● **INSTRUCTIONS FOR THE TASK**
Find the line with "Axial lung CT" in the data below. Repeat it and every line after it exactly, but not the pictures.

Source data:
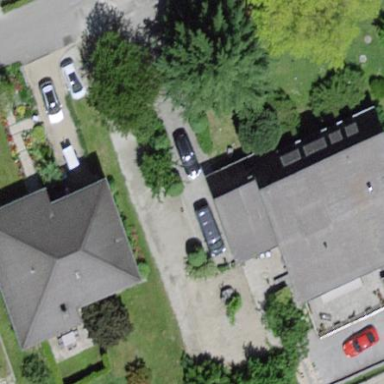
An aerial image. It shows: Detached building.
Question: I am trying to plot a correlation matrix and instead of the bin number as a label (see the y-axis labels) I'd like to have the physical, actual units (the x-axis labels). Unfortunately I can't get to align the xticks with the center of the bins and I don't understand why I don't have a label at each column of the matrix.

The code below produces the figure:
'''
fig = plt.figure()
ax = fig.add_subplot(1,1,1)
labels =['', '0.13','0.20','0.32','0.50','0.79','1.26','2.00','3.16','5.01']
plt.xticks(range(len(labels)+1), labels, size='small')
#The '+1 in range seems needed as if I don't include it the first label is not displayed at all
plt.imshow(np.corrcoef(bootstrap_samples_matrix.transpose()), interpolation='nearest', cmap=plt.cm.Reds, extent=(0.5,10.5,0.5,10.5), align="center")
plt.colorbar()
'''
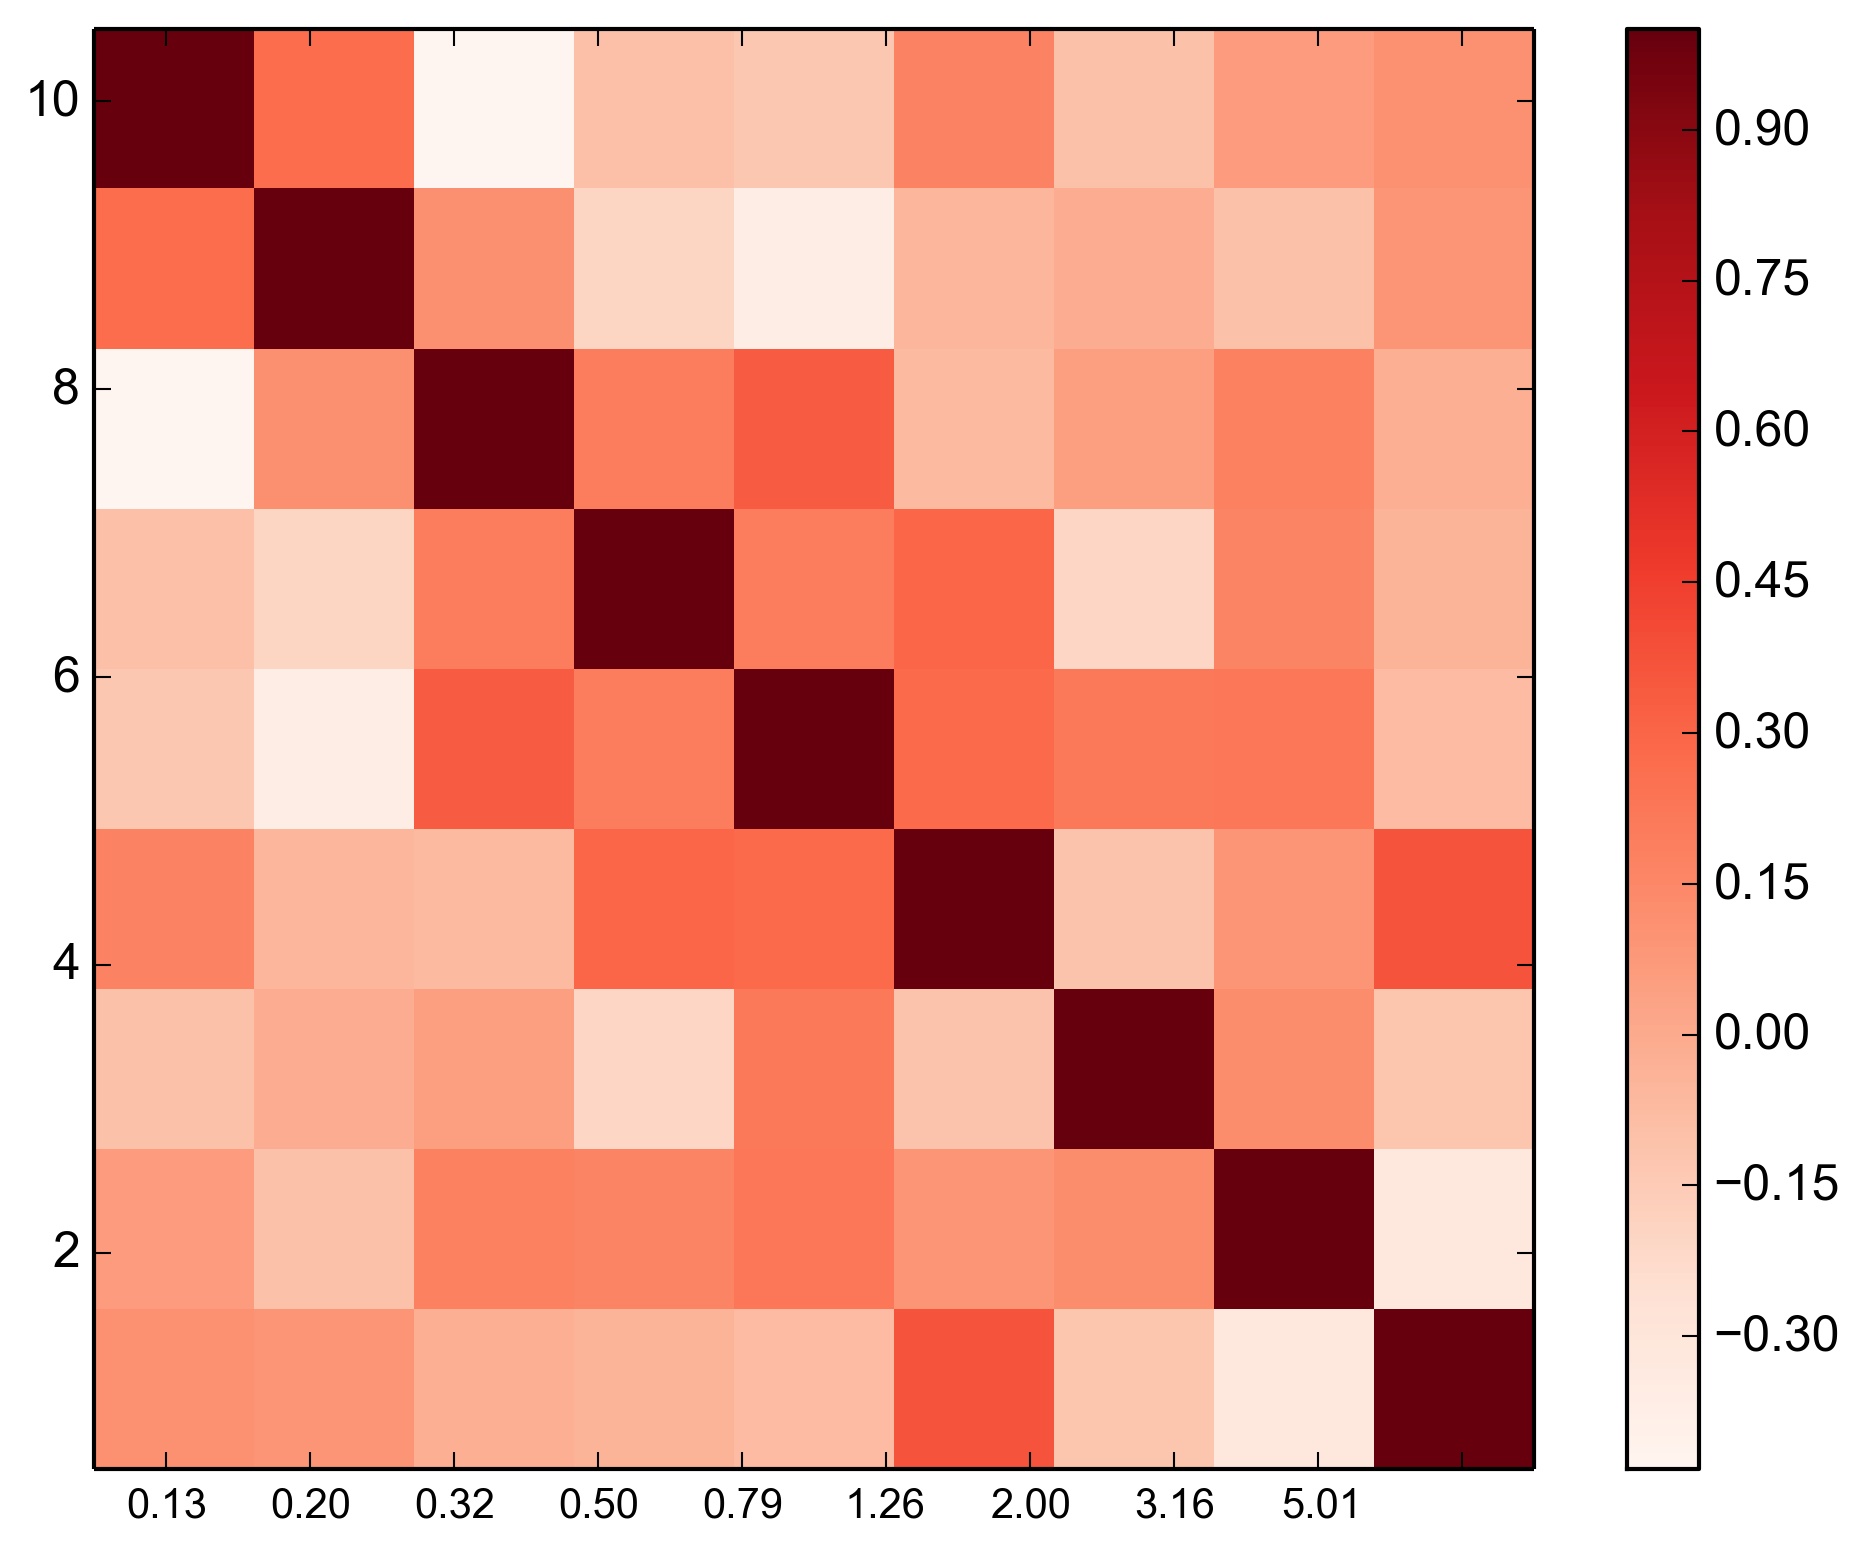
Answer: To align the xticks with the center of the bins and in order to have a label at each column of the matrix, one could do it by setting the labels manually.
'''
fig = plt.figure()
ax = fig.add_subplot(1,1,1)
manual_labels =['0.20','0.32','0.50','0.79','1.26','2.00','3.16']
ax.set_xticks([0.5,1.5,2.5,3.5,4.5,5.5,6.5,7.5])
ax.set_xticklabels(manual_labels, minor=False)
ax.set_yticks([0.5,1.5,2.5,3.5,4.5,5.5,6.5,7.5])
ax.set_yticklabels(manual_labels, minor=False)
'''
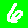
Digit: 6
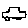
Label: car
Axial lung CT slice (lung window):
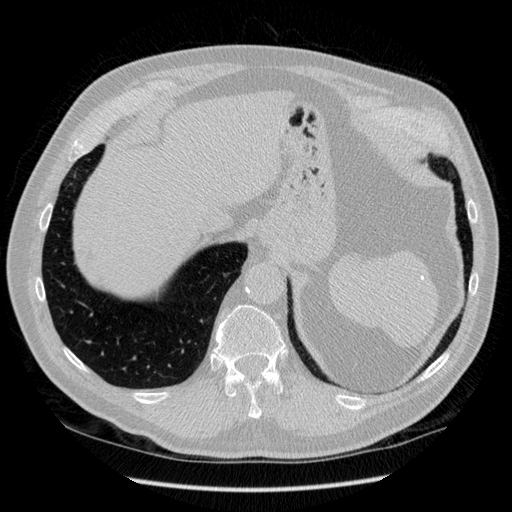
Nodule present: no
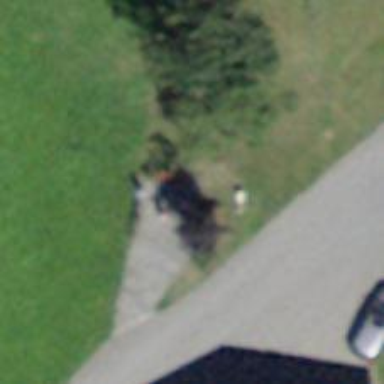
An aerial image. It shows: Bench for seating.
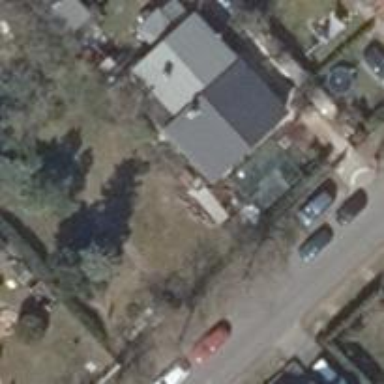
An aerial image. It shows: Detached building with gabled roof.
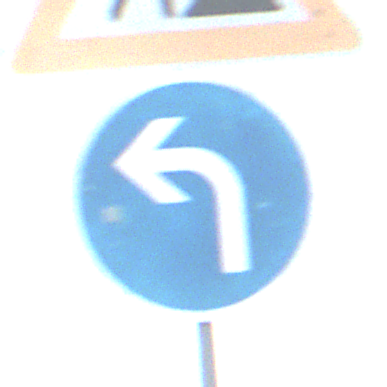
Verkehrszeichen: VorgeschriebeneFahrtrichtungLinks
Zusatzzeichen oben: Arbeitsstelle
Umgebung: Outdoor, Suburban
Tageszeit: Midday
Wetter: Overcast
Licht: Natural
Jahreszeit: NotSpecified
Kontrast: LowContrast
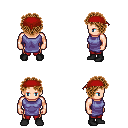
a pixel art fantasy rpg character, male body template, human, light skin, chain tabard jacket, red pants, brown curly afro hairstyle, red bandana, black shoes, four views (front, back, left, right), 2x2 character sprite sheet, small pixel art, hard edges, no anti-aliasing

● **ANSWER BOX**
Axial lung CT slice (lung window):
Nodule present: no
An aerial image. It shows: Bench for seating.
An aerial image. It shows: Detached building with gabled roof.
Verkehrszeichen: VorgeschriebeneFahrtrichtungLinks
Zusatzzeichen oben: Arbeitsstelle
Umgebung: Outdoor, Suburban
Tageszeit: Midday
Wetter: Overcast
Licht: Natural
Jahreszeit: NotSpecified
Kontrast: LowContrast
a pixel art fantasy rpg character, male body template, human, light skin, chain tabard jacket, red pants, brown curly afro hairstyle, red bandana, black shoes, four views (front, back, left, right), 2x2 character sprite sheet, small pixel art, hard edges, no anti-aliasing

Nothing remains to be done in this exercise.